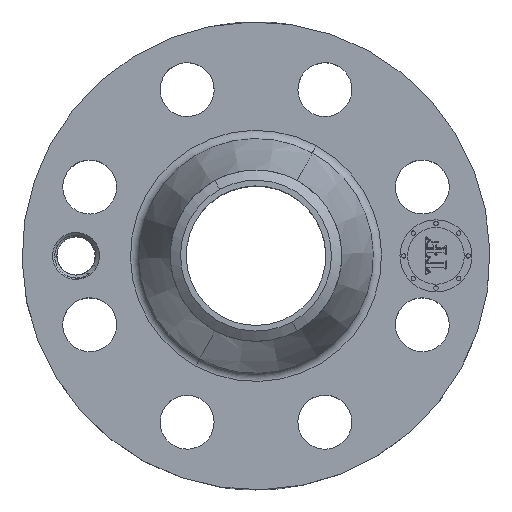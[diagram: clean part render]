
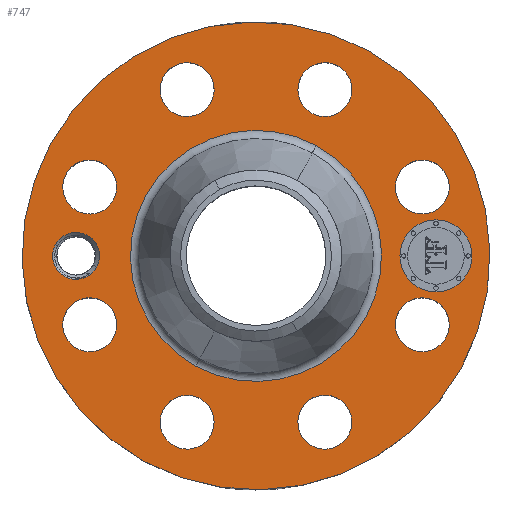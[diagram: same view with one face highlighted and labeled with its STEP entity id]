
A CAD part, top view. The second image highlights one B-rep face of the part: STEP entity #747.
In plain terms, the highlighted planar face has unit normal (0, 0, 1).
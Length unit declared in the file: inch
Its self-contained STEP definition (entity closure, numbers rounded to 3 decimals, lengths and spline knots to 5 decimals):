
#58=AXIS2_PLACEMENT_3D('Circle Axis2P3D',#56,#57,$) ;
#401=AXIS2_PLACEMENT_3D('Circle Axis2P3D',#399,#400,$) ;
#543=AXIS2_PLACEMENT_3D('Plane Axis2P3D',#540,#541,#542) ;
#551=AXIS2_PLACEMENT_3D('Circle Axis2P3D',#549,#550,$) ;
#560=AXIS2_PLACEMENT_3D('Circle Axis2P3D',#558,#559,$) ;
#569=AXIS2_PLACEMENT_3D('Circle Axis2P3D',#567,#568,$) ;
#578=AXIS2_PLACEMENT_3D('Circle Axis2P3D',#576,#577,$) ;
#587=AXIS2_PLACEMENT_3D('Circle Axis2P3D',#585,#586,$) ;
#596=AXIS2_PLACEMENT_3D('Circle Axis2P3D',#594,#595,$) ;
#605=AXIS2_PLACEMENT_3D('Circle Axis2P3D',#603,#604,$) ;
#614=AXIS2_PLACEMENT_3D('Circle Axis2P3D',#612,#613,$) ;
#623=AXIS2_PLACEMENT_3D('Circle Axis2P3D',#621,#622,$) ;
#632=AXIS2_PLACEMENT_3D('Circle Axis2P3D',#630,#631,$) ;
#641=AXIS2_PLACEMENT_3D('Circle Axis2P3D',#639,#640,$) ;
#650=AXIS2_PLACEMENT_3D('Circle Axis2P3D',#648,#649,$) ;
#659=AXIS2_PLACEMENT_3D('Circle Axis2P3D',#657,#658,$) ;
#668=AXIS2_PLACEMENT_3D('Circle Axis2P3D',#666,#667,$) ;
#677=AXIS2_PLACEMENT_3D('Circle Axis2P3D',#675,#676,$) ;
#686=AXIS2_PLACEMENT_3D('Circle Axis2P3D',#684,#685,$) ;
#695=AXIS2_PLACEMENT_3D('Circle Axis2P3D',#693,#694,$) ;
#704=AXIS2_PLACEMENT_3D('Circle Axis2P3D',#702,#703,$) ;
#713=AXIS2_PLACEMENT_3D('Circle Axis2P3D',#711,#712,$) ;
#722=AXIS2_PLACEMENT_3D('Circle Axis2P3D',#720,#721,$) ;
#731=AXIS2_PLACEMENT_3D('Circle Axis2P3D',#729,#730,$) ;
#740=AXIS2_PLACEMENT_3D('Circle Axis2P3D',#738,#739,$) ;
#53=CARTESIAN_POINT('Vertex',(-1.55813,-2.85214,1.75)) ;
#56=CARTESIAN_POINT('Axis2P3D Location',(0.,0.,1.75)) ;
#60=CARTESIAN_POINT('Vertex',(1.55813,2.85214,1.75)) ;
#399=CARTESIAN_POINT('Axis2P3D Location',(0.,0.,1.75)) ;
#540=CARTESIAN_POINT('Axis2P3D Location',(0.,3.25,1.75)) ;
#549=CARTESIAN_POINT('Axis2P3D Location',(-2.5,0.,1.75)) ;
#553=CARTESIAN_POINT('Vertex',(-2.78578,0.15612,1.75)) ;
#555=CARTESIAN_POINT('Vertex',(-2.21422,-0.15612,1.75)) ;
#558=CARTESIAN_POINT('Axis2P3D Location',(-2.5,0.,1.75)) ;
#567=CARTESIAN_POINT('Axis2P3D Location',(2.3097,-0.95671,1.75)) ;
#571=CARTESIAN_POINT('Vertex',(1.98061,-0.77692,1.75)) ;
#573=CARTESIAN_POINT('Vertex',(2.63879,-1.13649,1.75)) ;
#576=CARTESIAN_POINT('Axis2P3D Location',(2.3097,-0.95671,1.75)) ;
#585=CARTESIAN_POINT('Axis2P3D Location',(0.,0.,1.75)) ;
#589=CARTESIAN_POINT('Vertex',(-0.83613,-1.53053,1.75)) ;
#591=CARTESIAN_POINT('Vertex',(0.83613,1.53053,1.75)) ;
#594=CARTESIAN_POINT('Axis2P3D Location',(0.,0.,1.75)) ;
#603=CARTESIAN_POINT('Axis2P3D Location',(0.95671,-2.3097,1.75)) ;
#607=CARTESIAN_POINT('Vertex',(1.06229,-2.66953,1.75)) ;
#609=CARTESIAN_POINT('Vertex',(0.85113,-1.94987,1.75)) ;
#612=CARTESIAN_POINT('Axis2P3D Location',(0.95671,-2.3097,1.75)) ;
#621=CARTESIAN_POINT('Axis2P3D Location',(-0.95671,-2.3097,1.75)) ;
#625=CARTESIAN_POINT('Vertex',(-1.13649,-2.63879,1.75)) ;
#627=CARTESIAN_POINT('Vertex',(-0.77692,-1.98061,1.75)) ;
#630=CARTESIAN_POINT('Axis2P3D Location',(-0.95671,-2.3097,1.75)) ;
#639=CARTESIAN_POINT('Axis2P3D Location',(-2.3097,-0.95671,1.75)) ;
#643=CARTESIAN_POINT('Vertex',(-2.66953,-1.06229,1.75)) ;
#645=CARTESIAN_POINT('Vertex',(-1.94987,-0.85113,1.75)) ;
#648=CARTESIAN_POINT('Axis2P3D Location',(-2.3097,-0.95671,1.75)) ;
#657=CARTESIAN_POINT('Axis2P3D Location',(-2.3097,0.95671,1.75)) ;
#661=CARTESIAN_POINT('Vertex',(-2.63879,1.13649,1.75)) ;
#663=CARTESIAN_POINT('Vertex',(-1.98061,0.77692,1.75)) ;
#666=CARTESIAN_POINT('Axis2P3D Location',(-2.3097,0.95671,1.75)) ;
#675=CARTESIAN_POINT('Axis2P3D Location',(-0.95671,2.3097,1.75)) ;
#679=CARTESIAN_POINT('Vertex',(-1.06229,2.66953,1.75)) ;
#681=CARTESIAN_POINT('Vertex',(-0.85113,1.94987,1.75)) ;
#684=CARTESIAN_POINT('Axis2P3D Location',(-0.95671,2.3097,1.75)) ;
#693=CARTESIAN_POINT('Axis2P3D Location',(0.95671,2.3097,1.75)) ;
#697=CARTESIAN_POINT('Vertex',(1.13649,2.63879,1.75)) ;
#699=CARTESIAN_POINT('Vertex',(0.77692,1.98061,1.75)) ;
#702=CARTESIAN_POINT('Axis2P3D Location',(0.95671,2.3097,1.75)) ;
#711=CARTESIAN_POINT('Axis2P3D Location',(2.3097,0.95671,1.75)) ;
#715=CARTESIAN_POINT('Vertex',(2.66953,1.06229,1.75)) ;
#717=CARTESIAN_POINT('Vertex',(1.94987,0.85113,1.75)) ;
#720=CARTESIAN_POINT('Axis2P3D Location',(2.3097,0.95671,1.75)) ;
#729=CARTESIAN_POINT('Axis2P3D Location',(2.5,0.,1.75)) ;
#733=CARTESIAN_POINT('Vertex',(2.5,0.5,1.75)) ;
#735=CARTESIAN_POINT('Vertex',(2.5,-0.5,1.75)) ;
#738=CARTESIAN_POINT('Axis2P3D Location',(2.5,0.,1.75)) ;
#57=DIRECTION('Axis2P3D Direction',(0.,0.,-0.039)) ;
#400=DIRECTION('Axis2P3D Direction',(0.,0.,-0.039)) ;
#541=DIRECTION('Axis2P3D Direction',(0.,0.,-0.039)) ;
#542=DIRECTION('Axis2P3D XDirection',(0.039,0.,0.)) ;
#550=DIRECTION('Axis2P3D Direction',(0.,0.,-0.039)) ;
#559=DIRECTION('Axis2P3D Direction',(0.,0.,-0.039)) ;
#568=DIRECTION('Axis2P3D Direction',(0.,0.,-0.039)) ;
#577=DIRECTION('Axis2P3D Direction',(0.,0.,-0.039)) ;
#586=DIRECTION('Axis2P3D Direction',(0.,0.,-0.039)) ;
#595=DIRECTION('Axis2P3D Direction',(0.,0.,-0.039)) ;
#604=DIRECTION('Axis2P3D Direction',(0.,0.,-0.039)) ;
#613=DIRECTION('Axis2P3D Direction',(0.,0.,-0.039)) ;
#622=DIRECTION('Axis2P3D Direction',(0.,0.,-0.039)) ;
#631=DIRECTION('Axis2P3D Direction',(0.,0.,-0.039)) ;
#640=DIRECTION('Axis2P3D Direction',(0.,0.,-0.039)) ;
#649=DIRECTION('Axis2P3D Direction',(0.,0.,-0.039)) ;
#658=DIRECTION('Axis2P3D Direction',(0.,0.,-0.039)) ;
#667=DIRECTION('Axis2P3D Direction',(0.,0.,-0.039)) ;
#676=DIRECTION('Axis2P3D Direction',(0.,0.,-0.039)) ;
#685=DIRECTION('Axis2P3D Direction',(0.,0.,-0.039)) ;
#694=DIRECTION('Axis2P3D Direction',(0.,0.,-0.039)) ;
#703=DIRECTION('Axis2P3D Direction',(0.,0.,-0.039)) ;
#712=DIRECTION('Axis2P3D Direction',(0.,0.,-0.039)) ;
#721=DIRECTION('Axis2P3D Direction',(0.,0.,-0.039)) ;
#730=DIRECTION('Axis2P3D Direction',(0.,0.,-0.039)) ;
#739=DIRECTION('Axis2P3D Direction',(0.,0.,-0.039)) ;
#546=ORIENTED_EDGE('',*,*,#403,.F.) ;
#547=ORIENTED_EDGE('',*,*,#62,.F.) ;
#564=ORIENTED_EDGE('',*,*,#557,.T.) ;
#565=ORIENTED_EDGE('',*,*,#562,.T.) ;
#582=ORIENTED_EDGE('',*,*,#575,.T.) ;
#583=ORIENTED_EDGE('',*,*,#580,.T.) ;
#600=ORIENTED_EDGE('',*,*,#593,.T.) ;
#601=ORIENTED_EDGE('',*,*,#598,.T.) ;
#618=ORIENTED_EDGE('',*,*,#611,.T.) ;
#619=ORIENTED_EDGE('',*,*,#616,.T.) ;
#636=ORIENTED_EDGE('',*,*,#629,.T.) ;
#637=ORIENTED_EDGE('',*,*,#634,.T.) ;
#654=ORIENTED_EDGE('',*,*,#647,.T.) ;
#655=ORIENTED_EDGE('',*,*,#652,.T.) ;
#672=ORIENTED_EDGE('',*,*,#665,.T.) ;
#673=ORIENTED_EDGE('',*,*,#670,.T.) ;
#690=ORIENTED_EDGE('',*,*,#683,.T.) ;
#691=ORIENTED_EDGE('',*,*,#688,.T.) ;
#708=ORIENTED_EDGE('',*,*,#701,.T.) ;
#709=ORIENTED_EDGE('',*,*,#706,.T.) ;
#726=ORIENTED_EDGE('',*,*,#719,.T.) ;
#727=ORIENTED_EDGE('',*,*,#724,.T.) ;
#744=ORIENTED_EDGE('',*,*,#737,.T.) ;
#745=ORIENTED_EDGE('',*,*,#742,.T.) ;
#566=FACE_BOUND('',#563,.T.) ;
#584=FACE_BOUND('',#581,.T.) ;
#602=FACE_BOUND('',#599,.T.) ;
#620=FACE_BOUND('',#617,.T.) ;
#638=FACE_BOUND('',#635,.T.) ;
#656=FACE_BOUND('',#653,.T.) ;
#674=FACE_BOUND('',#671,.T.) ;
#692=FACE_BOUND('',#689,.T.) ;
#710=FACE_BOUND('',#707,.T.) ;
#728=FACE_BOUND('',#725,.T.) ;
#746=FACE_BOUND('',#743,.T.) ;
#747=ADVANCED_FACE('PartBody',(#548,#566,#584,#602,#620,#638,#656,#674,#692,#710,#728,#746),#544,.F.) ;
#59=CIRCLE('generated circle',#58,3.25) ;
#402=CIRCLE('generated circle',#401,3.25) ;
#552=CIRCLE('generated circle',#551,0.32565) ;
#561=CIRCLE('generated circle',#560,0.32565) ;
#570=CIRCLE('generated circle',#569,0.375) ;
#579=CIRCLE('generated circle',#578,0.375) ;
#588=CIRCLE('generated circle',#587,1.74403) ;
#597=CIRCLE('generated circle',#596,1.74403) ;
#606=CIRCLE('generated circle',#605,0.375) ;
#615=CIRCLE('generated circle',#614,0.375) ;
#624=CIRCLE('generated circle',#623,0.375) ;
#633=CIRCLE('generated circle',#632,0.375) ;
#642=CIRCLE('generated circle',#641,0.375) ;
#651=CIRCLE('generated circle',#650,0.375) ;
#660=CIRCLE('generated circle',#659,0.375) ;
#669=CIRCLE('generated circle',#668,0.375) ;
#678=CIRCLE('generated circle',#677,0.375) ;
#687=CIRCLE('generated circle',#686,0.375) ;
#696=CIRCLE('generated circle',#695,0.375) ;
#705=CIRCLE('generated circle',#704,0.375) ;
#714=CIRCLE('generated circle',#713,0.375) ;
#723=CIRCLE('generated circle',#722,0.375) ;
#732=CIRCLE('generated circle',#731,0.5) ;
#741=CIRCLE('generated circle',#740,0.5) ;
#62=EDGE_CURVE('',#54,#61,#59,.T.) ;
#403=EDGE_CURVE('',#61,#54,#402,.T.) ;
#557=EDGE_CURVE('',#554,#556,#552,.T.) ;
#562=EDGE_CURVE('',#556,#554,#561,.T.) ;
#575=EDGE_CURVE('',#572,#574,#570,.T.) ;
#580=EDGE_CURVE('',#574,#572,#579,.T.) ;
#593=EDGE_CURVE('',#590,#592,#588,.T.) ;
#598=EDGE_CURVE('',#592,#590,#597,.T.) ;
#611=EDGE_CURVE('',#608,#610,#606,.T.) ;
#616=EDGE_CURVE('',#610,#608,#615,.T.) ;
#629=EDGE_CURVE('',#626,#628,#624,.T.) ;
#634=EDGE_CURVE('',#628,#626,#633,.T.) ;
#647=EDGE_CURVE('',#644,#646,#642,.T.) ;
#652=EDGE_CURVE('',#646,#644,#651,.T.) ;
#665=EDGE_CURVE('',#662,#664,#660,.T.) ;
#670=EDGE_CURVE('',#664,#662,#669,.T.) ;
#683=EDGE_CURVE('',#680,#682,#678,.T.) ;
#688=EDGE_CURVE('',#682,#680,#687,.T.) ;
#701=EDGE_CURVE('',#698,#700,#696,.T.) ;
#706=EDGE_CURVE('',#700,#698,#705,.T.) ;
#719=EDGE_CURVE('',#716,#718,#714,.T.) ;
#724=EDGE_CURVE('',#718,#716,#723,.T.) ;
#737=EDGE_CURVE('',#734,#736,#732,.T.) ;
#742=EDGE_CURVE('',#736,#734,#741,.T.) ;
#545=EDGE_LOOP('',(#546,#547)) ;
#563=EDGE_LOOP('',(#564,#565)) ;
#581=EDGE_LOOP('',(#582,#583)) ;
#599=EDGE_LOOP('',(#600,#601)) ;
#617=EDGE_LOOP('',(#618,#619)) ;
#635=EDGE_LOOP('',(#636,#637)) ;
#653=EDGE_LOOP('',(#654,#655)) ;
#671=EDGE_LOOP('',(#672,#673)) ;
#689=EDGE_LOOP('',(#690,#691)) ;
#707=EDGE_LOOP('',(#708,#709)) ;
#725=EDGE_LOOP('',(#726,#727)) ;
#743=EDGE_LOOP('',(#744,#745)) ;
#548=FACE_OUTER_BOUND('',#545,.T.) ;
#544=PLANE('',#543) ;
#54=VERTEX_POINT('',#53) ;
#61=VERTEX_POINT('',#60) ;
#554=VERTEX_POINT('',#553) ;
#556=VERTEX_POINT('',#555) ;
#572=VERTEX_POINT('',#571) ;
#574=VERTEX_POINT('',#573) ;
#590=VERTEX_POINT('',#589) ;
#592=VERTEX_POINT('',#591) ;
#608=VERTEX_POINT('',#607) ;
#610=VERTEX_POINT('',#609) ;
#626=VERTEX_POINT('',#625) ;
#628=VERTEX_POINT('',#627) ;
#644=VERTEX_POINT('',#643) ;
#646=VERTEX_POINT('',#645) ;
#662=VERTEX_POINT('',#661) ;
#664=VERTEX_POINT('',#663) ;
#680=VERTEX_POINT('',#679) ;
#682=VERTEX_POINT('',#681) ;
#698=VERTEX_POINT('',#697) ;
#700=VERTEX_POINT('',#699) ;
#716=VERTEX_POINT('',#715) ;
#718=VERTEX_POINT('',#717) ;
#734=VERTEX_POINT('',#733) ;
#736=VERTEX_POINT('',#735) ;
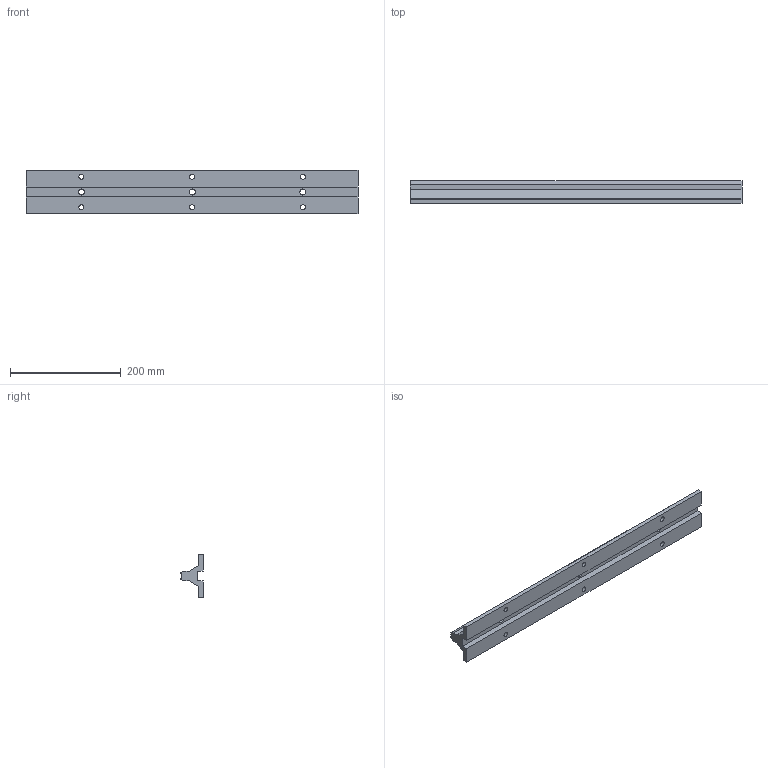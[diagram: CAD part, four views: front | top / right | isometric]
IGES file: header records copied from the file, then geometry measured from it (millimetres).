
Start section: Data from Parasolid IGES Translator 15.0.47, Copyright(c) 2006 Siemens P LM Software. All Rights Reserved.
Global section: file name: WUH-40.igs; native system:  By UGS Corp.; preprocessor: XPlus GENERIC/IGES 3.0; author: Noname; organization: Noname; date: 20140710.114915; units: millimetre
Bounding box: 599.5 x 40.76 x 78 mm (x, y, z)
Surface area: 148412.2 mm2 (no closed solid volume)
Topology: 0 solids, 0 shells, 36 faces, 204 edges, 189 vertices
Faces by surface type: extrusion 25, revolution 11

────────

Your goal
Look through the entries above for the word "file". Say how many lines contain it, using only a number.

Written solution
3